Group23 Proposal
MAKE THE WORLD A BETTER PLACE TO “BREATHE”
|
|
|
|
|
|
Background
Every year, World Bank website will publish updated World Development Indicator that they’ve collected from multiple channels. That will be the core data resource for our analysis. The dataset contains 1,591 indicators among 263 countries. Indicators include aspects like environment, economic policy & debt, infrastructure, financial sector, public sector, private sector & trade, social protection & labour, education, health, gender, poverty and social protection & labour.
In our cases, some of the indicators can be used as a reference to air pollution, like CO2 emissions, PM2.5 air pollution, Nitrous oxide emissions etc. And we will not exclude any of those indicators without statistically proven insignificant.
Data Preparation:
The raw data is presented in the form stacked with countries, for time series analysis, we need to transform it into long format, where there will only be 3 columns: country, indicator and value.
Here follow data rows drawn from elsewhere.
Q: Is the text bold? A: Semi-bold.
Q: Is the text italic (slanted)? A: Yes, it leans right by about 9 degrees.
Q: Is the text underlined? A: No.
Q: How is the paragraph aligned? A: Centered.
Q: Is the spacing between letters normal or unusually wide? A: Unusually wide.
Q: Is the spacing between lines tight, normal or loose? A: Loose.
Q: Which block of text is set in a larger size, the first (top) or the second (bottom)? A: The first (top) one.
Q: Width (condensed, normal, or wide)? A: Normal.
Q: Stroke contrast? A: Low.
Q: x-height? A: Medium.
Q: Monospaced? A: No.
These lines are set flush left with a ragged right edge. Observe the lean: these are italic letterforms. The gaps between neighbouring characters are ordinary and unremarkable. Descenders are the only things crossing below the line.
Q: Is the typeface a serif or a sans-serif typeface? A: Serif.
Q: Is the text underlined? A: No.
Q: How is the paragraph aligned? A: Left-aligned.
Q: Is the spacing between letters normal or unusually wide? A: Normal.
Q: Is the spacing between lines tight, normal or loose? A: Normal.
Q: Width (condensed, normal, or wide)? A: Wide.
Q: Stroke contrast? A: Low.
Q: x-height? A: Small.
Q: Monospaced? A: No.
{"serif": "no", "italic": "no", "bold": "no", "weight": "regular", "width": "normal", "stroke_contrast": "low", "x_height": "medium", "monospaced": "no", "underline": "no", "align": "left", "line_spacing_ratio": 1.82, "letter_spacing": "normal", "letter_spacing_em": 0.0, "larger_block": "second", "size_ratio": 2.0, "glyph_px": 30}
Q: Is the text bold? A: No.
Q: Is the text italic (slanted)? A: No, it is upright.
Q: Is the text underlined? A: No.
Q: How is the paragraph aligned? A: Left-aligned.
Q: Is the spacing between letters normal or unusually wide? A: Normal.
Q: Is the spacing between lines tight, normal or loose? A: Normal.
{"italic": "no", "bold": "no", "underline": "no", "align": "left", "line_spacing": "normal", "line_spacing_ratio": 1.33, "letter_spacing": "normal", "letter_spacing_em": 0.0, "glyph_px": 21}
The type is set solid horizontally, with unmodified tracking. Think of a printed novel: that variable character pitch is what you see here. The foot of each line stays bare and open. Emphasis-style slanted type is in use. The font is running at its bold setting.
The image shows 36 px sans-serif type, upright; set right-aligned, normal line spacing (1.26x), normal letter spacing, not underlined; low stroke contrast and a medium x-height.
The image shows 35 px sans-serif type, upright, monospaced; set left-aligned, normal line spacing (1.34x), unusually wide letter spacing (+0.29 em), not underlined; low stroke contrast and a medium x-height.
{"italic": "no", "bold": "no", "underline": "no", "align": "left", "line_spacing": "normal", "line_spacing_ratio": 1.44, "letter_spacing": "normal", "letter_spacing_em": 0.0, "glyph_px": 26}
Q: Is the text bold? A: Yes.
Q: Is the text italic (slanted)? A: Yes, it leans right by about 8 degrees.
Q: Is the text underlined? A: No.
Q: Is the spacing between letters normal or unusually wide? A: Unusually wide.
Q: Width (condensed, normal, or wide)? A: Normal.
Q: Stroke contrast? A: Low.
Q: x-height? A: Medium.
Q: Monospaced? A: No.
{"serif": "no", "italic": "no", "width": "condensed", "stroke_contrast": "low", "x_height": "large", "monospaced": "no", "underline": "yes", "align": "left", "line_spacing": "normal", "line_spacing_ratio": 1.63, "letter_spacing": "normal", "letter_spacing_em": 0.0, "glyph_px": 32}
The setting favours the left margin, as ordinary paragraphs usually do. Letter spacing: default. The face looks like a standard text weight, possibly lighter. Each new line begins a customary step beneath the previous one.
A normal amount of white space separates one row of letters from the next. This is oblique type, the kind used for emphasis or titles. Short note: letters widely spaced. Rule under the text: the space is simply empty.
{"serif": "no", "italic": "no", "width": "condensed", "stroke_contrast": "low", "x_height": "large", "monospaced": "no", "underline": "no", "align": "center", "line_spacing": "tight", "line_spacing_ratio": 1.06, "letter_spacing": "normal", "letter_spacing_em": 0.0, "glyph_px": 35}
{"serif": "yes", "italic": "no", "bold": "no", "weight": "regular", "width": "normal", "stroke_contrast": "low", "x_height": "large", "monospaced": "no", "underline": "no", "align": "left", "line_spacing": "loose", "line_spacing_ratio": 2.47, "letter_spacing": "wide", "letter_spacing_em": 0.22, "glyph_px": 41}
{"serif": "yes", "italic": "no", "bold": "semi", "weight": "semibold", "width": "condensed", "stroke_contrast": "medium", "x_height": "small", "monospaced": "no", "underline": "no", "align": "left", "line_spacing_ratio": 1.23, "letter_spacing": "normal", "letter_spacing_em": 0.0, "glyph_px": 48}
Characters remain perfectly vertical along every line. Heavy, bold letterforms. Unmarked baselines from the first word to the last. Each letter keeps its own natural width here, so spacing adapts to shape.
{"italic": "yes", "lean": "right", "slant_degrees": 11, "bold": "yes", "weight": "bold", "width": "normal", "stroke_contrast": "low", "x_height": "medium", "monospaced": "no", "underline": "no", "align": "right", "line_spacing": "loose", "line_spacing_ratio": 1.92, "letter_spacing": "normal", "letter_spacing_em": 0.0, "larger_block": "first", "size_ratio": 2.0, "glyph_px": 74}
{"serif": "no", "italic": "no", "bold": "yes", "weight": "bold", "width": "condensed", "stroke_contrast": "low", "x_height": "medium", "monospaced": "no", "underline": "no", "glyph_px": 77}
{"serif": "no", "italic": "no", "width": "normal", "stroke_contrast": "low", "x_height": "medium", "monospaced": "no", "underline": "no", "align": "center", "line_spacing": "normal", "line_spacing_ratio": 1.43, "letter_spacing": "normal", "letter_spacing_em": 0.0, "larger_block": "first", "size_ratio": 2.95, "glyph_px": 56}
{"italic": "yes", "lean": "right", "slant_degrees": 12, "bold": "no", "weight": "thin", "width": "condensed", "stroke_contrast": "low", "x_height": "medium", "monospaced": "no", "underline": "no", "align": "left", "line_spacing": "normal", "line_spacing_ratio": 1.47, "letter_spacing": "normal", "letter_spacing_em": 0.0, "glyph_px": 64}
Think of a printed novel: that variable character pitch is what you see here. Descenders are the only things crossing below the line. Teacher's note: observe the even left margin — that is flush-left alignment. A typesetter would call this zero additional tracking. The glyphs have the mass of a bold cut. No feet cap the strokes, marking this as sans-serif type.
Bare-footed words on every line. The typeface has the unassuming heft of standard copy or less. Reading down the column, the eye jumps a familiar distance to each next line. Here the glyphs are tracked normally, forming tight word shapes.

Methodologies and Techniques
Descriptive Statistics
The data will be grouped into regions and different time periods. Descriptive statistics will help to differentiate among regions during each period, or whether it’s going through industrialization, wars or even civilization revolutions.
Variable Selection & Clustering
For now, there are 1,591 indicators in our dataset, intuitively, some of the indicators are highly correlated or even resemble. Variable selection is necessary or else the whole analysis may bias towards some highly-weighted variables.
To eliminate highly-correlated variables, correlation matrix and stepwise regression may come in handy. Also, application of variable clustering will help us to reduce dimension of variables and access us to measure attributions altogether.
Time series & Panel Analysis
To monitor on sensitivity of air quality to each indicator in time, panel analysis may be applied to corresponding changes. With panel analysis results, we will be able to quantify how does selected factors affect air quality at a certain level.
Geographical Visualization
Geographical visualization will give us a clearer picture of how air pollution distributed around the world and, enable us to detect details or patterns of migration.